Their eyes eventually fall upon the words scribbled amateurishly across the banners: ‘Protect indigenous Armenians in Artsakh’ can be read on one of them. And the message becomes just a little clearer.
The protest was in response to Azerbaijan’s initial offensive on the capital of the Republic of Artsakh, recognized internationally as Nagorno-Karabakh. The breakaway region is located in Azerbaijan but is governed by its indigenous Armenian inhabitants.
“It feels like I have so much to lose now and something to protect,” said Maral Matig, one of the protesters and a Concordia student in design. “It’s a deep pain that I haven’t always felt.”
The attack was seen as a violation of the ceasefire brokered in 2020 between Armenia and Azerbaijan in the aftermath of the second major conflict for the region.

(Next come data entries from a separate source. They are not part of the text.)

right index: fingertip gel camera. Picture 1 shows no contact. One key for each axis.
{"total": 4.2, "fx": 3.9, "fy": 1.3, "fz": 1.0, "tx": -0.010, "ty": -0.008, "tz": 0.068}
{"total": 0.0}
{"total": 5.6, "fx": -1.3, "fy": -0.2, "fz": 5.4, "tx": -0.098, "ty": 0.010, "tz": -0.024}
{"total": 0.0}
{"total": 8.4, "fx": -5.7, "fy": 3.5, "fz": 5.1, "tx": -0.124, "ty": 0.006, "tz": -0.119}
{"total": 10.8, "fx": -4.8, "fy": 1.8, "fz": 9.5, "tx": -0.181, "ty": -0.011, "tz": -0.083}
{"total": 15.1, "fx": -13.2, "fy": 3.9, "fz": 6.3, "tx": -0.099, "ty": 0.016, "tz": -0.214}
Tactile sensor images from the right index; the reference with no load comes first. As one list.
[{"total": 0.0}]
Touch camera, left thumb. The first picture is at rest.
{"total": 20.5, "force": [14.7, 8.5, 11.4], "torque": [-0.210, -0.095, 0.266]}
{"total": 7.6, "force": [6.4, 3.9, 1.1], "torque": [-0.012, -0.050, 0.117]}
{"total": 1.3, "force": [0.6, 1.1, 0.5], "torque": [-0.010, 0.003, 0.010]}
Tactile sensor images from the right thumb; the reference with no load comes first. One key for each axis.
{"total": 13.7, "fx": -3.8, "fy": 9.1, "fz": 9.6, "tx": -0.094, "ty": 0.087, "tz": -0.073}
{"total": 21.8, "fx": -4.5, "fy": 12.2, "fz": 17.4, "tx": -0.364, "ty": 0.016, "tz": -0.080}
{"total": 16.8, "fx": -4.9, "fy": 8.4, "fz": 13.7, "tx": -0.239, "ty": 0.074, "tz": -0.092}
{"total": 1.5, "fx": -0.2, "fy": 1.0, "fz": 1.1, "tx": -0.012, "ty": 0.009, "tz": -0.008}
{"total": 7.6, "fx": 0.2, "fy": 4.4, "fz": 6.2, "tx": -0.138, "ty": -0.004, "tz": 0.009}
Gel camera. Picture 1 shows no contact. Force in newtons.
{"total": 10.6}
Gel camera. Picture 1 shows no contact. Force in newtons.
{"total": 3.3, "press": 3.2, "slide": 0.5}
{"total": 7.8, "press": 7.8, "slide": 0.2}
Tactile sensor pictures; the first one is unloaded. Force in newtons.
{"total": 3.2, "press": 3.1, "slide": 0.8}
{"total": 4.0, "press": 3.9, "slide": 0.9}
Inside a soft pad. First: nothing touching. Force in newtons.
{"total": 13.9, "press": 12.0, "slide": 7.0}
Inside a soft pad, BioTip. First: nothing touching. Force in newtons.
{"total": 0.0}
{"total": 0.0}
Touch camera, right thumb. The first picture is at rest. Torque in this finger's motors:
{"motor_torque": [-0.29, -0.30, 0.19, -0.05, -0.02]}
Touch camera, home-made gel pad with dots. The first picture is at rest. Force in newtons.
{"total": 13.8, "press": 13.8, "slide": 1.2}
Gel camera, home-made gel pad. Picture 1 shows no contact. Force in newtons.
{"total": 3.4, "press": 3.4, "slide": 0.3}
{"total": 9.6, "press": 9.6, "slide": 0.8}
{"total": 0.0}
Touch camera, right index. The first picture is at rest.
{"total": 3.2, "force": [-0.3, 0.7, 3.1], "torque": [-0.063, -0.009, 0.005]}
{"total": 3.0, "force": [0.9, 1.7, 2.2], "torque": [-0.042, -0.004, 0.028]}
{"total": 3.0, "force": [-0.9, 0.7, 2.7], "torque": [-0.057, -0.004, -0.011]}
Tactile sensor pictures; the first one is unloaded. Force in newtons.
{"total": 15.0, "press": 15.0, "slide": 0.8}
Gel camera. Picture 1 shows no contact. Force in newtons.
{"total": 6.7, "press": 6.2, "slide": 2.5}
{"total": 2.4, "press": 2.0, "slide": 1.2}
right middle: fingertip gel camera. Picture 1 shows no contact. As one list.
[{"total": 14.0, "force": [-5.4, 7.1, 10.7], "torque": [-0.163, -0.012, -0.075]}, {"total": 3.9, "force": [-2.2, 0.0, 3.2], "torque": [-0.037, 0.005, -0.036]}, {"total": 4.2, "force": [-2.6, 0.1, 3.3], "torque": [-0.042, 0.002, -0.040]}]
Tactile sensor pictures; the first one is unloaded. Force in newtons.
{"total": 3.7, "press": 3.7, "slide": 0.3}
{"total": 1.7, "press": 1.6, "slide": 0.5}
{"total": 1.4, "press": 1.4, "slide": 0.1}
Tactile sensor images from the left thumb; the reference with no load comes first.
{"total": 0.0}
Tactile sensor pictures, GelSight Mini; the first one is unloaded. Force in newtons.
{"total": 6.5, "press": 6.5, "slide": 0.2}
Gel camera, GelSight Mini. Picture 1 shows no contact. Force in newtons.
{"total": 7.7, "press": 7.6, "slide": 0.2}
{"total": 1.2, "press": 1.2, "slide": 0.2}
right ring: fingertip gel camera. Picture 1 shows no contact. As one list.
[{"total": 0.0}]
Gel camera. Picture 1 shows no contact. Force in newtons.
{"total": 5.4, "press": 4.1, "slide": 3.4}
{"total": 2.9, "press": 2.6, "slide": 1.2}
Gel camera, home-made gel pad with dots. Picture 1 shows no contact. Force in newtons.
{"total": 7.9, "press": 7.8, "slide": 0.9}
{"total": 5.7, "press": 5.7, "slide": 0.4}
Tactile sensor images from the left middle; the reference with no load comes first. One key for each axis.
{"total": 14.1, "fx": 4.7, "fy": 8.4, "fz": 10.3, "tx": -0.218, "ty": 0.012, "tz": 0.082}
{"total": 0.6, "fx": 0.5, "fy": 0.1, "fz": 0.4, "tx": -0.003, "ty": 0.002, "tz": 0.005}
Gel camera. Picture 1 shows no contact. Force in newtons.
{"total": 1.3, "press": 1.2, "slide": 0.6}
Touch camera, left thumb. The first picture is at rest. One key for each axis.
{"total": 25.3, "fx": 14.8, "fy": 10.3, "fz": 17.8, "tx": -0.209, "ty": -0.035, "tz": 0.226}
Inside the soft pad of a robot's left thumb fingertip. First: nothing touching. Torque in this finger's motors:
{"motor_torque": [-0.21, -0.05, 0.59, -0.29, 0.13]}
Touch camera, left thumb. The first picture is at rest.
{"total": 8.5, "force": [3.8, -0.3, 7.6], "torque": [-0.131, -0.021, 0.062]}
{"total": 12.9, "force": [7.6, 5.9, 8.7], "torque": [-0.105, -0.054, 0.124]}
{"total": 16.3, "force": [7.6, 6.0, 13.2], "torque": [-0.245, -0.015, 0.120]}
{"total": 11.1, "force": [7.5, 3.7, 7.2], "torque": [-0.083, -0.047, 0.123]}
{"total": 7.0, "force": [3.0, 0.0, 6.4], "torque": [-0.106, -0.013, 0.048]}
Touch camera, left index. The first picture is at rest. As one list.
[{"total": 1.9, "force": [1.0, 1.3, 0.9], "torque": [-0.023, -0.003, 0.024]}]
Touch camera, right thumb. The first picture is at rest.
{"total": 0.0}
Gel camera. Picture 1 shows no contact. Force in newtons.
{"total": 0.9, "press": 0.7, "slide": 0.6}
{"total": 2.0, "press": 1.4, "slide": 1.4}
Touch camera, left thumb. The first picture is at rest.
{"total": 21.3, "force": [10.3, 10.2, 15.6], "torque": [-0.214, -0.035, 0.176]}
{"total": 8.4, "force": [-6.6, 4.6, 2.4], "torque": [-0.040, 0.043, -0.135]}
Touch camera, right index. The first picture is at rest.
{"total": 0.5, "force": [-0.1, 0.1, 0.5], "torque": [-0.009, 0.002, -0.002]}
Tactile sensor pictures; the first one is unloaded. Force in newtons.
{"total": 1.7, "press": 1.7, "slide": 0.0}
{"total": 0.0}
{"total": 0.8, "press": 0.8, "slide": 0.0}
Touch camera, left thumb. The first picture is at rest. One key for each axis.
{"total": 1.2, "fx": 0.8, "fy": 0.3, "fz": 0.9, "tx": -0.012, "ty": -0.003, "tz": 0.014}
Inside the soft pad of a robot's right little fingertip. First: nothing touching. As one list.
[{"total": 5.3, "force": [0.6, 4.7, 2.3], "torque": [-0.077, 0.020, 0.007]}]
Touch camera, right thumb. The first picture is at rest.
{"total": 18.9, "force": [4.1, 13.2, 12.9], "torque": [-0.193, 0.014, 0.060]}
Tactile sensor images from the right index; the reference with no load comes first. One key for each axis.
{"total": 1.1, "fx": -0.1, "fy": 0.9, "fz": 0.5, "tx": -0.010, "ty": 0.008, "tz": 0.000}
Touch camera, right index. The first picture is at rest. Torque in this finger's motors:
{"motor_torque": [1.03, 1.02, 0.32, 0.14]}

“It was always in the background,” Matig said, referring to the 2020 war. “I was suppressing my emotions. It’s the first time in my life I’ve taken any type of concrete action.”
Since the early 20th century, Nagorno-Karabakh has long been disputed between its two Caucus neighbours. Although recognized internationally as a part of Azerbaijan, de facto control lay in the hands of its ethnic Armenian inhabitants since the 1990s—until now at least.
More than half of the Nagorno-Karabakh population has fled due to Azerbaijan’s current control over the region. This outpour was a result of a cessation of conflict a mere day after the peace was broken again.
“They are trying to completely erase the Armenians’ identity in the region and they won’t stop,” Matig said. “We just want to live, we just want peace. And that’s it.”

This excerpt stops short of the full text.